- DeepMind has developed a new generative weather prediction model
- It’s been trained on 39 years of global weather data
- It’s more accurate than the current forecasting standard 97.2% of the time
If you still find yourself getting caught out and frustrated by inaccurate weather forecasts, Google has some good news: DeepMind, its AI research lab, has unveiled a generative model which can forecast the weather with incredible accuracy, up to 15 days in advance.
In simple terms, GenCast is an AI model that’s similar to ChatGPT. The difference with GenCast is that it’s been specifically adapted to the Earth’s geometry. Fed with recent weather data, it’s able to generate future weather scenarios and suggest the most probable outcome.
The team at DeepMind trained GenCast on archival weather data collected between 1979 and 2018. This included temperature, wind speed and air pressure readings from around the globe. Based on this, the model was able to learn global weather patterns.
To test its effectiveness, Google then compared the model’s predictions against the industry’s current best forecasting tool, the Ensemble Forecast (ENS).
The model was asked to generate a forecast for 2019, with 1,320 combinations of variables and lead times. GenCast was more accurate than ENS 97.2% of the time. For forecasts more than 36 hours in advance, that increased to 99.8%. That accuracy also applied to the prediction of extreme weather events, such as tropical cyclones.

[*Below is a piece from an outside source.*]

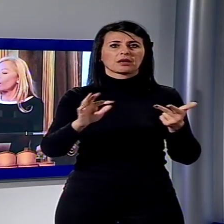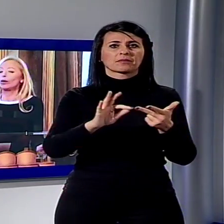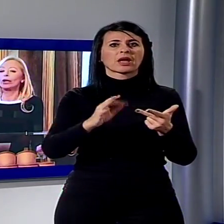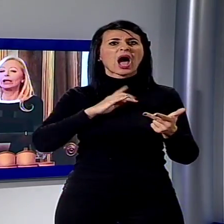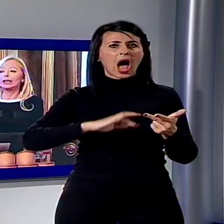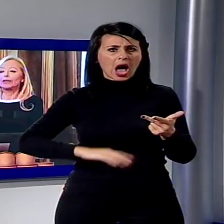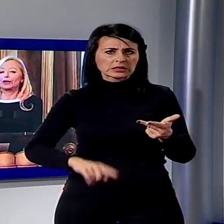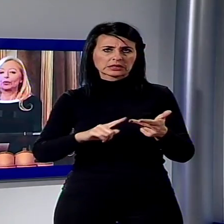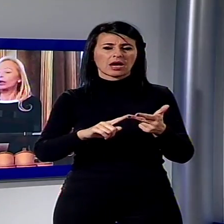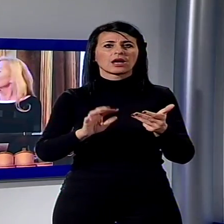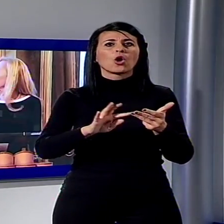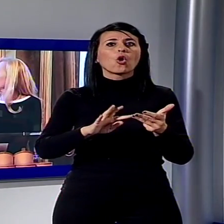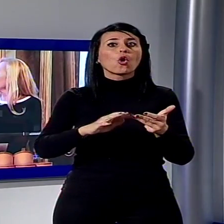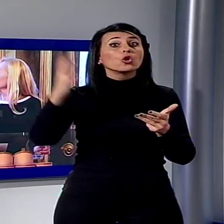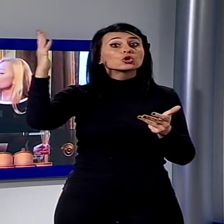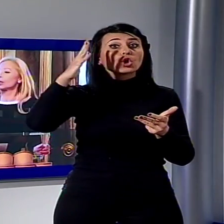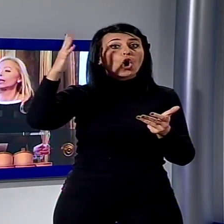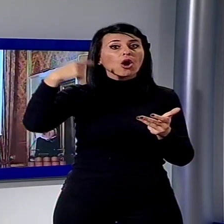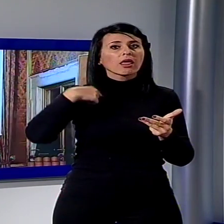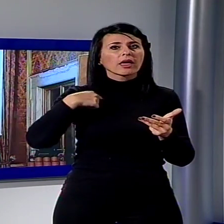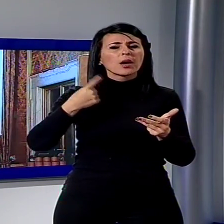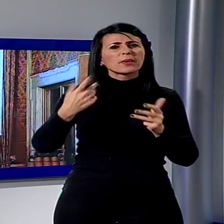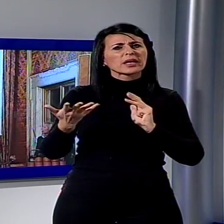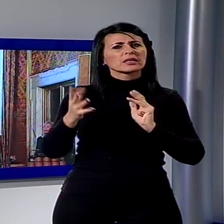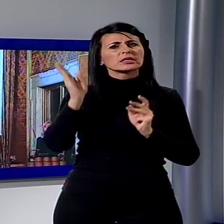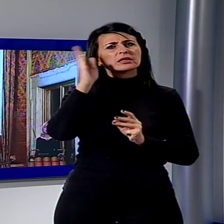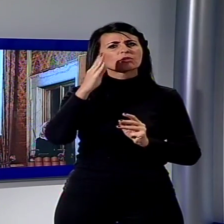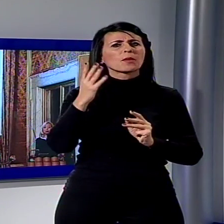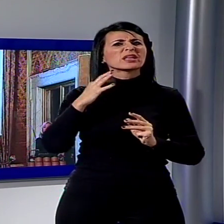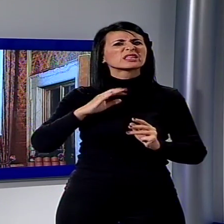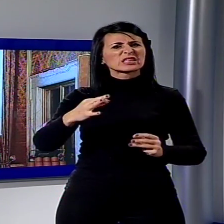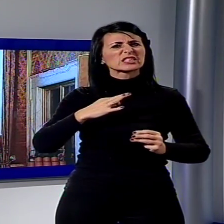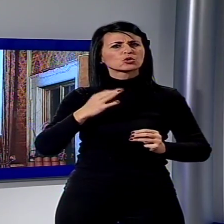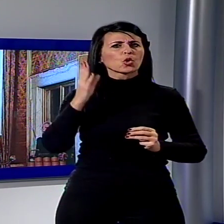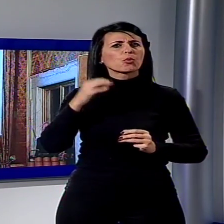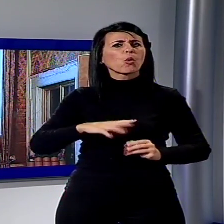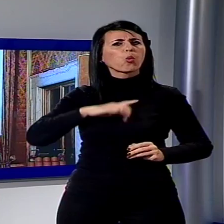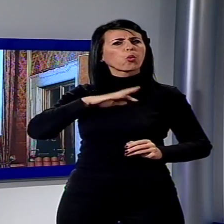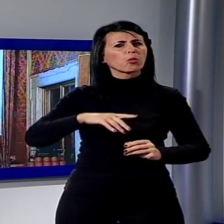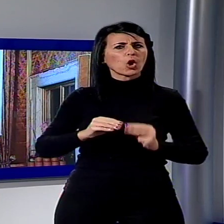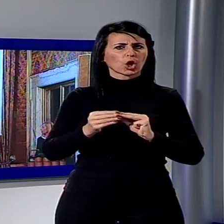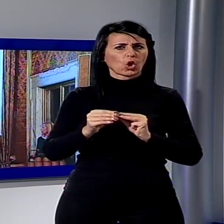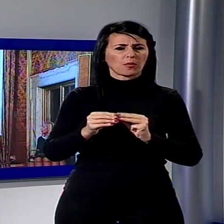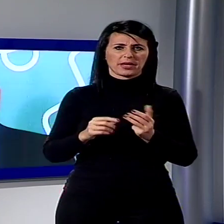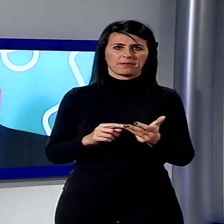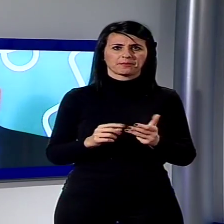'influenza della radiazione luminosa nella cronobiologia dei disturbi dell'umore. La fondazione BRF nasce in un momento

What’s even more remarkable is that, according to DeepMind, it took a single Google Cloud Tensor Processing Unit v5 – the circuits that Google uses to accelerate machine learning tasks – only eight minutes to produce a 15-day forecast. Traditional ensemble forecasts take several hours to complete, running on supercomputers with thousands of processors.
No meteorologist replacement
Traditional ensemble forecasts project weather patterns based on complex physics-based calculations using gathered data. GenCast takes that same data and generates the most likely scenario, informed by everything it’s learned from historic weather data.
GenCast won’t put meteorologists out of work. The model is only as reliable as the data it’s trained on and, in a changing climate, past weather patterns may not prove a reliable basis for forecasting far into the future. There are also a number of atmospheric variables which GenCast can’t account for, meaning manual equations will still be required to arrive at a dependable prediction.
It’s likely that GenCast will become another tool in the meteorological arsenal, with its input considered alongside other data sources. Human experts will still be required to make an assessment of the most likely scenario.
GenCast also isn’t the first use of deep learning to achieve more precise weather forecasts. FourCastNet is a data-driven forecasting model from Nvidia, while Huawei’s Pangu-Weather model has proven more accurate than numerical weather prediction in tests. Atmo, a San Francisco company, is also developing AI models to improve forecasting based on real-time weather data.
DeepMind sees applications for GenCast beyond standard forecasting. By providing the probability of different weather events, GenCast allows officials to plan for different outcomes and allocate resources accordingly. Google also sees a future where wind-power forecasting could influence renewable energy planning.
For now, the team at DeepMind is continuing research and develop GenCast as one of several AI-based weather models, including its deterministic medium-range forecasts. The model is open and DeepMind will soon be releasing real-time and historical forecasts, for integration into other models.